My stress optimum performance relationship goes way back to my High School days. At 15, I started an after school job as a deli girl. I could work up to 25 hours some weeks and while the money was great the effect on my homework was amazing. The less time I had available for homework, the better the results. I discovered the benefits of time management and multi tasking at this young age. I was able to plan a project while slicing ham, write an essay during my tea break, and revise for exams while wrapping cheese.
Obviously I put myself in this situation not just out of necessity but also for the buzz. Why else would I have decided to get married while working full time, attending uni part time and building a house? It was sheer madness but it was fabulous. While most brides treat themselves to a few days of luxury in the days prior to their wedding, I spent the day prior to our wedding penning a 10,000 word essay, packing the tent (we spent our honeymoon camping) and looking for nail polish, lipstick and shoes.

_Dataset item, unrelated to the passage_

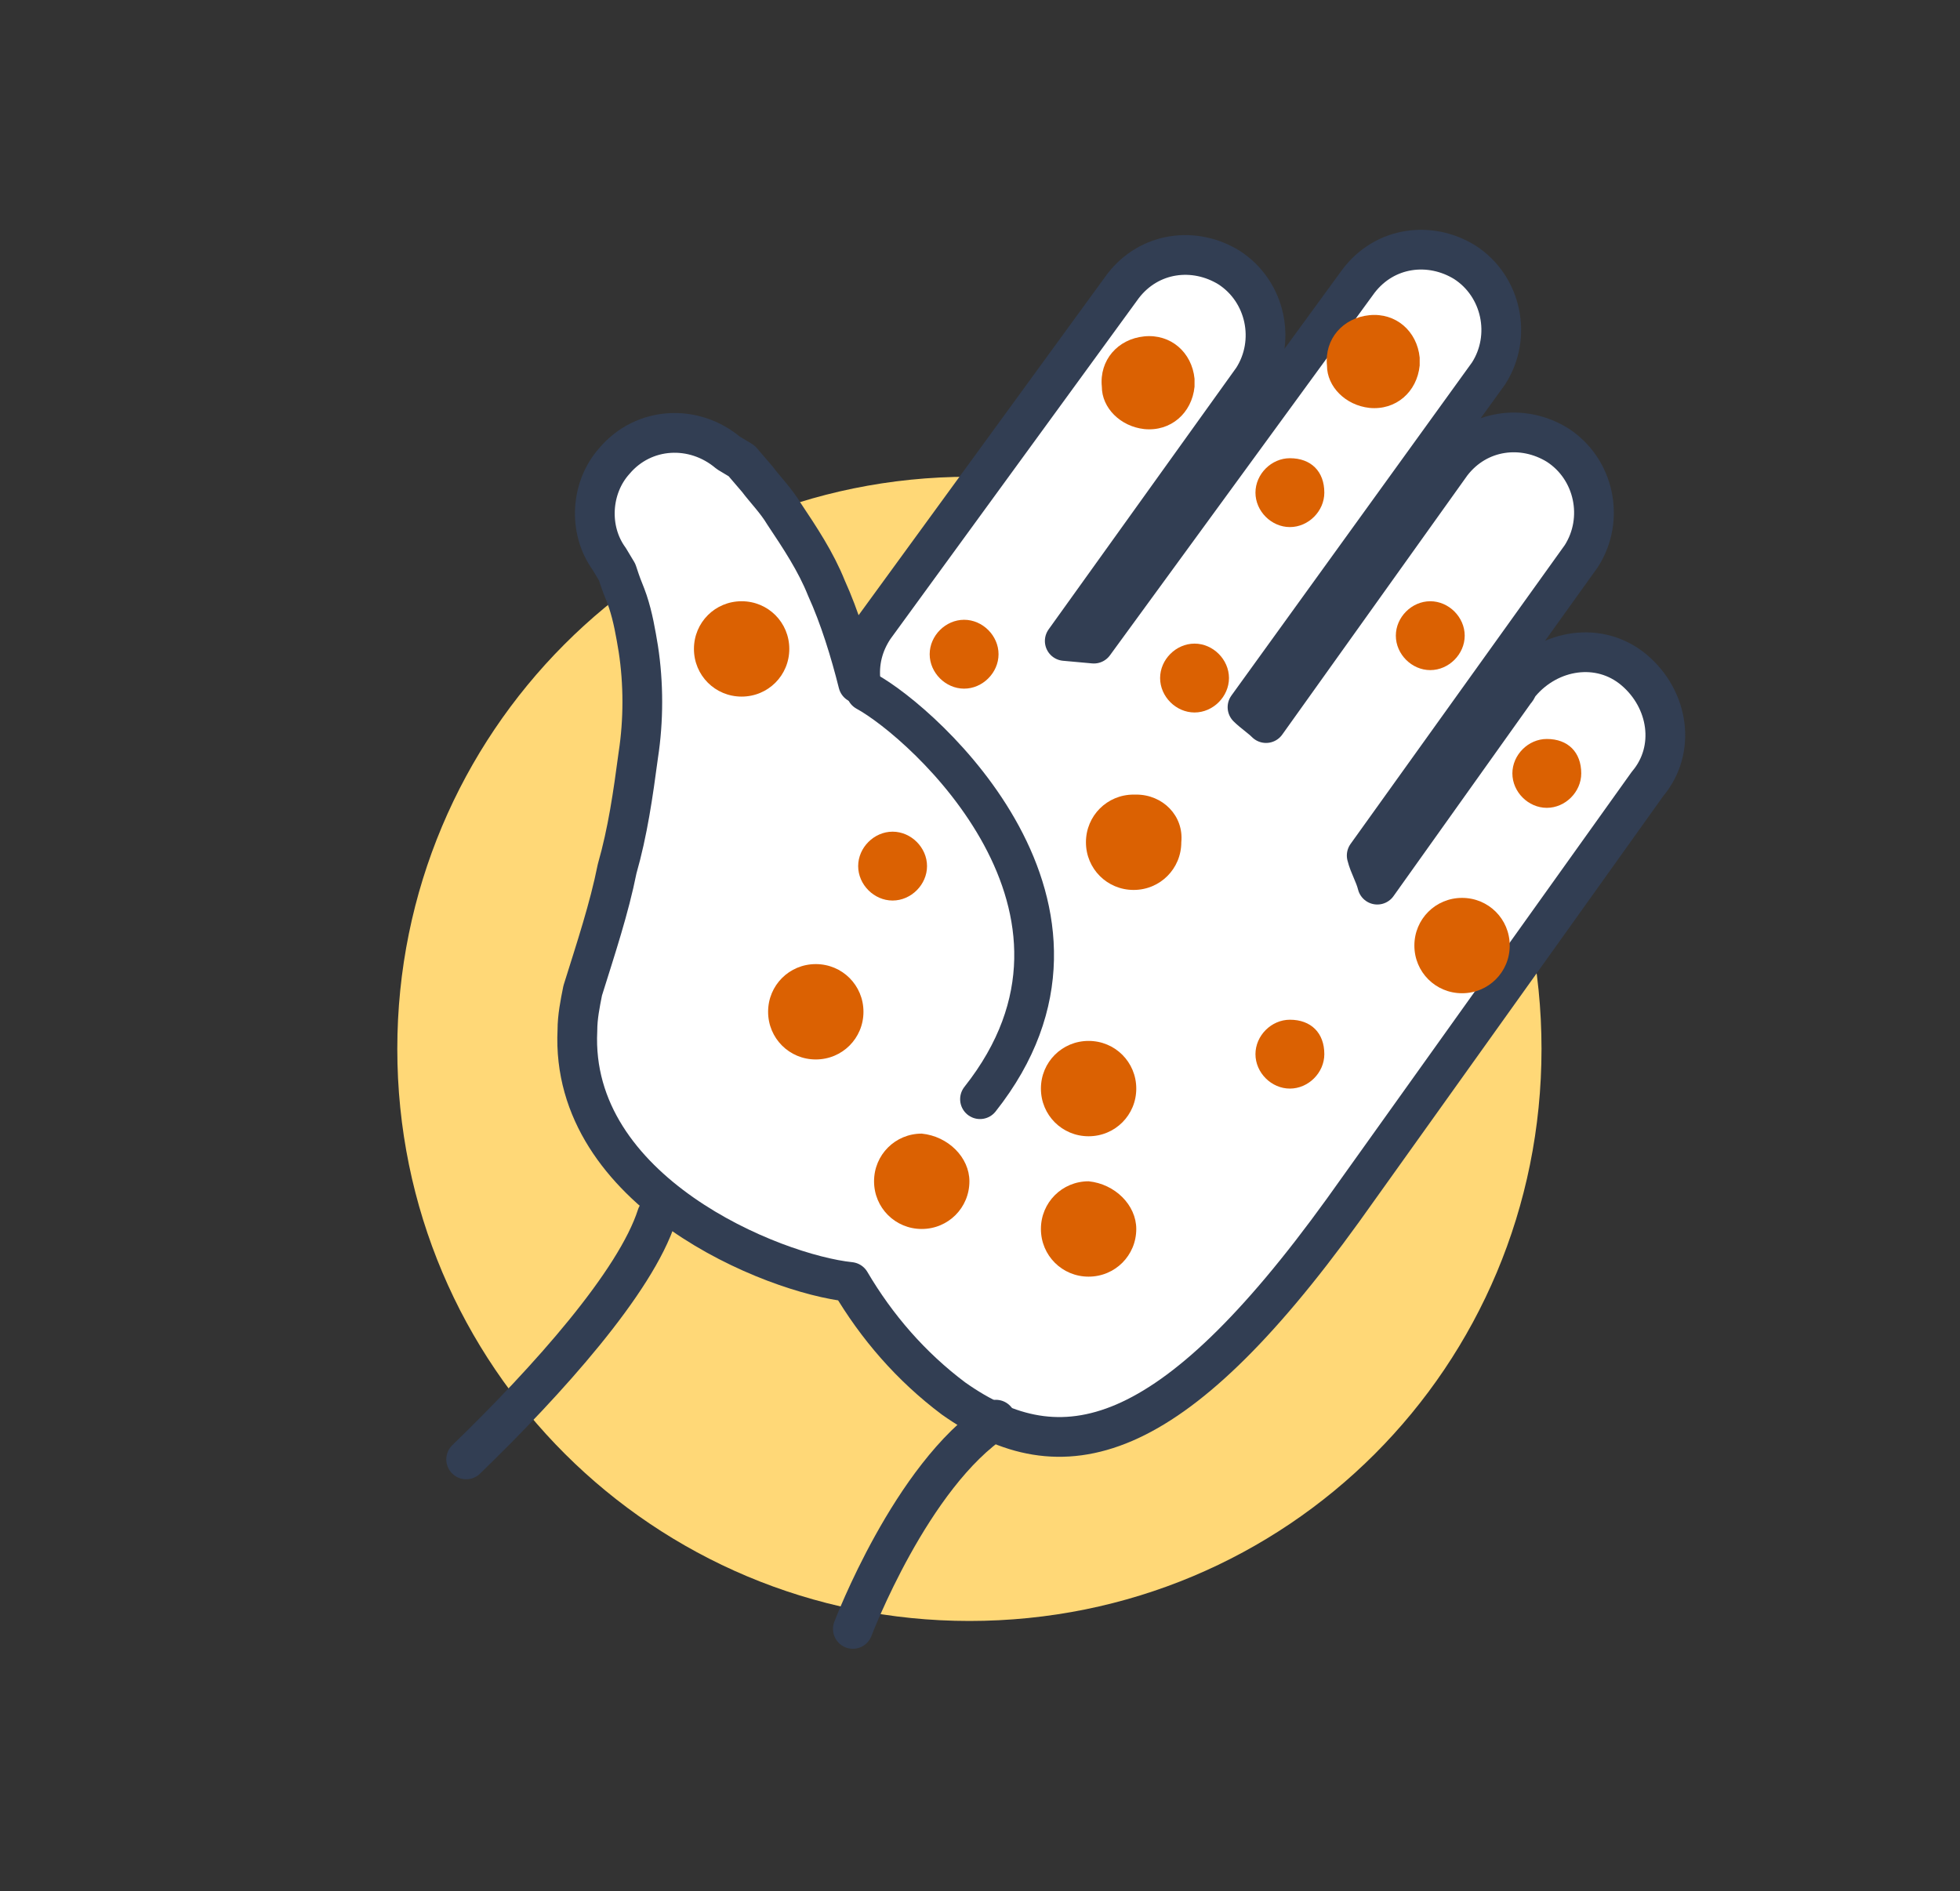<svg xmlns="http://www.w3.org/2000/svg" xmlns:xlink="http://www.w3.org/1999/xlink" id="Layer_1" x="0px" y="0px" viewBox="0 0 74 71.4" style="enable-background:new 0 0 74 71.4;" xml:space="preserve"><rect x="0" y="0" width="74" height="71.4" fill="#333333" stroke="none"/><style type="text/css">	.st0{clip-path:url(#SVGID_00000134958339287784653210000000295800140564767651_);}	.st1{fill:#FFD877;}	.st2{fill:none;}	.st3{fill:#FFFFFF;}	.st4{fill:none;stroke:#323E53;stroke-width:1.5;stroke-linecap:round;stroke-linejoin:round;}	.st5{fill:#DB6102;}</style><g>	<g id="Layer_1_00000177468108369293673960000017155839673479705497_">		<g>			<defs>				<path id="SVGID_1_" d="M69.9,34.4c0,17.1-13.8,30.9-30.9,30.9c-17.1,0-30.9-13.8-30.9-30.9C8.1,17.4,21.9,3.5,39,3.5     c0,0,0,0,0,0C56.1,3.5,69.9,17.3,69.9,34.4z"></path>			</defs>			<clipPath id="SVGID_00000062194006450701991420000011220841064750020271_">				<use xlink:href="#SVGID_1_" style="overflow:visible;"></use>			</clipPath>			<g style="clip-path:url(#SVGID_00000062194006450701991420000011220841064750020271_);">				<path class="st1" d="M15,39.6c0-11.9,9.6-21.6,21.6-21.6s21.6,9.6,21.6,21.6s-9.6,21.6-21.6,21.6c0,0,0,0,0,0     C24.7,61.2,15,51.6,15,39.6z"></path>				<path class="st2" d="M24.7,43.9c2.1,3.2-9.4,13.6-12.7,15.8v1.9l20.2-0.1c0,0,2.2-5.7,5.4-7.9"></path>				<path class="st3" d="M62.2,29.6c1.1-1.3,0.8-3.2-0.5-4.3c-1.3-1.1-3.2-0.8-4.3,0.5c-0.1,0.1-0.1,0.2-0.2,0.3L52,33.4     c-0.1-0.4-0.3-0.7-0.4-1.1L59.7,21c0.9-1.4,0.5-3.3-0.9-4.2c-1.3-0.8-3-0.6-4,0.7l-7,9.8c-0.2-0.2-0.5-0.4-0.7-0.6l0,0l9.1-12.6     c0.9-1.4,0.5-3.3-0.9-4.2c-1.3-0.8-3-0.6-4,0.7l-10,13.7l-1.1-0.1l7.1-9.9c0.9-1.4,0.5-3.3-0.9-4.2c-1.3-0.8-3-0.6-4,0.7     L33,23.7c-0.4,0.6-0.6,1.3-0.5,2.1h-0.1c-0.3-1.2-0.7-2.5-1.2-3.6c-0.4-1-1-1.9-1.6-2.8c-0.3-0.5-0.7-0.9-1-1.3l-0.6-0.7     l-0.5-0.3c-1.3-1.1-3.2-1-4.3,0.3c-0.9,1-1,2.6-0.2,3.7l0.3,0.5l0.1,0.3c0.1,0.3,0.2,0.5,0.3,0.8c0.2,0.6,0.3,1.2,0.4,1.8     c0.2,1.3,0.2,2.7,0,4c-0.2,1.5-0.4,2.9-0.8,4.3c-0.3,1.5-0.8,3-1.3,4.6c-0.1,0.5-0.2,1-0.2,1.5c-0.3,6.1,7.4,9.2,10.3,9.5     c1,1.7,2.3,3.2,3.9,4.4c4.1,2.9,8.2,1.9,14.7-7.1L62.2,29.6z"></path>				<path class="st4" d="M62.2,29.6c1.1-1.3,0.8-3.2-0.5-4.3c-1.3-1.1-3.2-0.8-4.3,0.5c-0.1,0.1-0.1,0.2-0.2,0.3L52,33.4     c-0.1-0.4-0.3-0.7-0.4-1.1L59.7,21c0.9-1.4,0.5-3.3-0.9-4.2c-1.3-0.8-3-0.6-4,0.7l-7,9.8c-0.2-0.2-0.5-0.4-0.7-0.6l0,0l9.1-12.6     c0.9-1.4,0.5-3.3-0.9-4.2c-1.3-0.8-3-0.6-4,0.7l-10,13.7l-1.1-0.1l7.1-9.9c0.9-1.4,0.5-3.3-0.9-4.2c-1.3-0.8-3-0.6-4,0.7     L33,23.7c-0.4,0.6-0.6,1.3-0.5,2.1h-0.1c-0.3-1.2-0.7-2.5-1.2-3.6c-0.4-1-1-1.9-1.6-2.8c-0.3-0.5-0.7-0.9-1-1.3l-0.6-0.7     l-0.5-0.3c-1.3-1.1-3.2-1-4.3,0.3c-0.9,1-1,2.6-0.2,3.7l0.3,0.5l0.1,0.3c0.1,0.3,0.2,0.5,0.3,0.8c0.2,0.6,0.3,1.2,0.4,1.8     c0.2,1.3,0.2,2.7,0,4c-0.2,1.5-0.4,2.9-0.8,4.3c-0.3,1.5-0.8,3-1.3,4.6c-0.1,0.5-0.2,1-0.2,1.5c-0.3,6.1,7.4,9.2,10.3,9.5     c1,1.7,2.3,3.2,3.9,4.4c4.1,2.9,8.2,1.9,14.7-7.1L62.2,29.6z"></path>				<path class="st3" d="M32.7,26.1c2.2,1.2,10,8.2,4.3,15.4"></path>				<path class="st4" d="M32.7,26.1c2.2,1.2,10,8.2,4.3,15.4"></path>				<path class="st5" d="M35,32.7c0,0.7-0.6,1.3-1.3,1.3s-1.3-0.6-1.3-1.3c0-0.7,0.6-1.3,1.3-1.3S35,32,35,32.7z"></path>				<path class="st5" d="M50,39.8c0,0.7-0.6,1.3-1.3,1.3c-0.7,0-1.3-0.6-1.3-1.3c0-0.7,0.6-1.3,1.3-1.3C49.5,38.5,50,39,50,39.8z"></path>				<path class="st5" d="M37.7,24.7c0,0.7-0.6,1.3-1.3,1.3c-0.7,0-1.3-0.6-1.3-1.3s0.6-1.3,1.3-1.3C37.1,23.4,37.7,24,37.7,24.7z"></path>				<path class="st5" d="M46.4,25.6c0,0.7-0.6,1.3-1.3,1.3c-0.7,0-1.3-0.6-1.3-1.3s0.6-1.3,1.3-1.3C45.8,24.3,46.4,24.9,46.4,25.6z"></path>				<path class="st5" d="M55.3,24c0,0.7-0.6,1.3-1.3,1.3s-1.3-0.6-1.3-1.3s0.6-1.3,1.3-1.3S55.3,23.3,55.3,24z"></path>				<path class="st5" d="M50,18.6c0,0.7-0.6,1.3-1.3,1.3c-0.7,0-1.3-0.6-1.3-1.3s0.6-1.3,1.3-1.3C49.5,17.3,50,17.8,50,18.6z"></path>				<path class="st5" d="M59.7,29.2c0,0.7-0.6,1.3-1.3,1.3c-0.7,0-1.3-0.6-1.3-1.3c0-0.7,0.6-1.3,1.3-1.3     C59.2,27.9,59.7,28.4,59.7,29.2z"></path>				<path class="st5" d="M44.6,31.8c0,1-0.8,1.8-1.8,1.8c-1,0-1.8-0.8-1.8-1.8c0-1,0.8-1.8,1.8-1.8c0,0,0.1,0,0.1,0     C43.9,30,44.7,30.8,44.6,31.8z"></path>				<path class="st5" d="M32.6,38.2c0,1-0.8,1.8-1.8,1.8c-1,0-1.8-0.8-1.8-1.8s0.8-1.8,1.8-1.8c0,0,0,0,0,0     C31.8,36.4,32.6,37.2,32.6,38.2z"></path>				<path class="st5" d="M42.9,41.1c0,1-0.8,1.8-1.8,1.8c-1,0-1.8-0.8-1.8-1.8c0-1,0.8-1.8,1.8-1.8h0C42.1,39.3,42.9,40.1,42.9,41.1     C42.9,41.1,42.9,41.1,42.9,41.1z"></path>				<path class="st5" d="M42.9,46.4c0,1-0.8,1.8-1.8,1.8c-1,0-1.8-0.8-1.8-1.8c0-1,0.8-1.8,1.8-1.8C42.1,44.7,42.9,45.5,42.9,46.4     L42.9,46.4z"></path>				<path class="st5" d="M36.6,44.6c0,1-0.8,1.8-1.8,1.8c-1,0-1.8-0.8-1.8-1.8c0-1,0.8-1.8,1.8-1.8C35.8,42.9,36.6,43.7,36.6,44.6     L36.6,44.6z"></path>				<path class="st5" d="M29.8,24.5c0,1-0.8,1.8-1.8,1.8c-1,0-1.8-0.8-1.8-1.8s0.8-1.8,1.8-1.8h0C29,22.7,29.8,23.5,29.8,24.5z"></path>				<path class="st5" d="M45.1,14.6c-0.1,1-0.9,1.7-1.9,1.6c-0.9-0.1-1.6-0.8-1.6-1.6c-0.1-1,0.6-1.8,1.6-1.9s1.8,0.6,1.9,1.6     C45.1,14.4,45.1,14.5,45.1,14.6z"></path>				<path class="st5" d="M53.6,13.8c-0.1,1-0.9,1.7-1.9,1.6c-0.9-0.1-1.6-0.8-1.6-1.6c-0.1-1,0.6-1.8,1.6-1.9c1-0.1,1.8,0.6,1.9,1.6     C53.6,13.6,53.6,13.7,53.6,13.8z"></path>				<path class="st5" d="M57,35.7c0,1-0.8,1.8-1.8,1.8c-1,0-1.8-0.8-1.8-1.8c0-1,0.8-1.8,1.8-1.8c0,0,0,0,0,0     C56.2,33.9,57,34.7,57,35.7C57,35.7,57,35.7,57,35.7z"></path>				<path class="st4" d="M24.8,45.9c-0.8,2.5-4.1,6.2-7.2,9.2"></path>				<path class="st4" d="M37.6,53.6c-3.2,2.1-5.4,7.9-5.4,7.9"></path>			</g>		</g>	</g></g></svg>

And while the whole new mother thing should have been enough stress to give me a long term buzz I added cloth nappies, making my own bread and a curly coated border collie to the mix. My mornings were a whirlwind of nappy buckets, flour and vacuuming and somehow both Sons learnt to talk, walk and toilet train amongst all of this.
However there have been times when stress has been damaging. In the dark days of working at WP my life had become a tornado. While I had developed some strategies to juggle home and work, such as walking the dog at 5am, doing Son’s readers during the school run and speed shopping during my lunch time, things were spiralling out of control. In true junkie fashion, I ignored the offers of help, and when Mum suggested taking some of the ironing, I smuggled it out of the house and travelled with it in the boot of my car. As the dark side of stress took control, the smallest issue could be enough to tip me over the edge (crumbs on the floor or a sniffing nose). Some innocent call centre operator copped the full barrage when they called me about mobile phone plans one evening.
But there was a lifeline. It came in the form of our relocation to the UK. The dark side of stress was lifted from my shoulders and a new stress buzz was waiting. I had four weeks to pack, complete all unfinished projects (one entire room not even plastered), paint the house, install a sprinkler system, complete the landscaping, find tenants, sell two cars, re home two guinea pigs and two budgies and transport the dog. Not wanting to be completely self-indulgent, I generously shared this stress buzz with Mum and Dad. Husband missed out as he was already in the UK.
Today, having recognised that I am in fact a stress junkie I feel better equipped to manage and enjoy the buzz of stress. Sons do their best to offer a little stress taster every day and Husband surprises me with unexpected stress treats (lost golf clubs on a recent trip to Portugal springs to mind). But like any true junkie, I just can’t wait for the next big stress buzz – Christmas!